Carlos Calero (Nicaragua)

Carlos Calero (Nicaragua)

 
Nace en Nicaragua. Se naturaliza costarricense. Fue docente de secundaria y nivel universitario. Ha sido gestor cultural, organiza lecturas, encuentros de poesía, y ha sido colaborador del Festival Internacional de Poesía de Costa Rica. Ha publicado varios libros de poesía: El humano oficio, La costumbre del reflejo, Paradojas de la mandíbula, Arquitecturas de la sospecha, Cornisas del asombro, Geometrías del cangrejo y otros poemas, Las cartas sobre la mesa. Antología Generación de los Ochenta. Poesía Nicaragüense, en coautoría con el poeta nicaragüense Carlos Castro Jo. El poeta Carlos Pacheco realizó una tesis sobre su poesía, acerca de la influencia del exteriorismo y lo erótico en el poeta Calero. Ha publicado artículos sobre otros poetas. Ha sido publicado en varias antologías de Nicaragua y Costa Rica. Lo han invitado a festivales y encuentros de poesía, tanto en Costa Rica, como Guatemala, El Salvador y Nicaragua.
 
 
Ella se parece a la abuela de Pamuk
 
Abuela no piensa en las playas de Ankara.
Las tiene en su cabeza
tejidas con puertos y nostalgias.
Una ciudad es la sal
en la memoria de un océano.
Sus ojos han dado calles a la bondad
de un paraguas y la arena,
y zurce aldeas blancas como pañuelos.
Desde un nogal para los sueños
hizo de los recuerdos nietos modernos
y la masa azul que llama cielo.
Otras ocasiones serán macetas
o corredores entre un violín,
sin clavijas, y la última telaraña destejida
por un árbol de follaje encalado.
Ah, mi abuela se deja amar
por los silencios brumosos del ser
y lo que es o aún le niega la vida.
No es la anciana petrificada
sino quien ríe con historias en las manos.

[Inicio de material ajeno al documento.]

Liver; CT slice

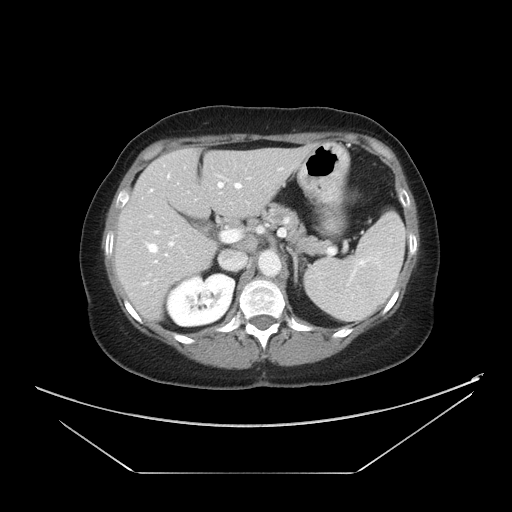 Not every hepatic vessel necessarily has a box.
{"hepatic_vessel": ["left=169, top=237, right=173, bottom=245", "left=155, top=231, right=158, bottom=233", "left=223, top=231, right=237, bottom=240", "left=147, top=244, right=157, bottom=252", "left=247, top=178, right=250, bottom=178", "left=235, top=183, right=240, bottom=188", "left=220, top=253, right=245, bottom=267", "left=280, top=168, right=282, bottom=169", "left=168, top=175, right=169, bottom=177", "left=150, top=189, right=152, bottom=191", "left=143, top=283, right=146, bottom=284", "left=218, top=175, right=226, bottom=187", "left=149, top=215, right=151, bottom=217", "left=165, top=254, right=167, bottom=255"]}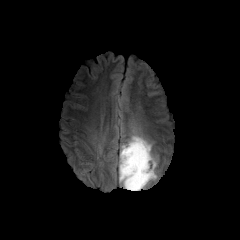
FLAIR MR.
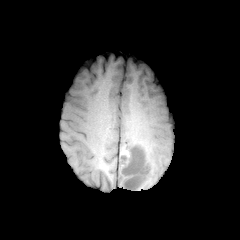
T1-weighted MRI.
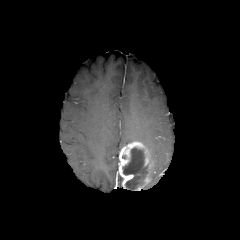
Same slice, post-contrast T1-weighted MRI.
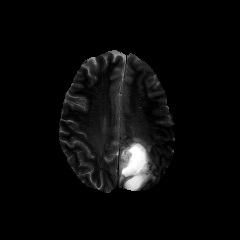
T2-weighted magnetic resonance.
240x240
Segmented structures:
* non-enhancing tumor core: x1=123, y1=146, x2=149, y2=190
* enhancing tumor: x1=118, y1=142, x2=149, y2=188
* edema: x1=120, y1=133, x2=157, y2=187; x1=113, y1=152, x2=119, y2=171

Hija de guerreros y un país antiguo
entre el mar y la arena
triturada por cascos otomanos.
Una casa de puertas altas.
La casa del portón,
abierta con la llave del misterio
traído desde épocas y dioses
dueños del aire y la tierra.
La abuela que vio a Dios
con un dedo y el zapato viejo
hablando de oboes y manadas de caballos.
Mi abuela escucha el wolkwagen
y lo confunde con el lomo
de una caravana tragada
por un lago que amanece rojo.
Pamuk nunca ha pensado
en esta abuela ni puesto sus ojos
en la bahía donde vuela
un pájaro y se hunde
como una cola de ballena atascada.
 
 
 
Más que lámparas
 
Hice lo posible
para que no desaparecieras,
sin que yo dijera nada,
entre las otras cosas que salvan
algo más que las palabras.
Siempre me ha costado descifrar el mundo.
No soy un milagro.
No soy tu amante.
No soy un lenguaje.
No soy la voz de París ni tus ojos.
La Piat ve caer sobre sus párpados
cada ladrillo de su destino en un puente.
Sé que ella sobrepasó el canto y los cantos,
sus océanos y las gotas de otros océanos.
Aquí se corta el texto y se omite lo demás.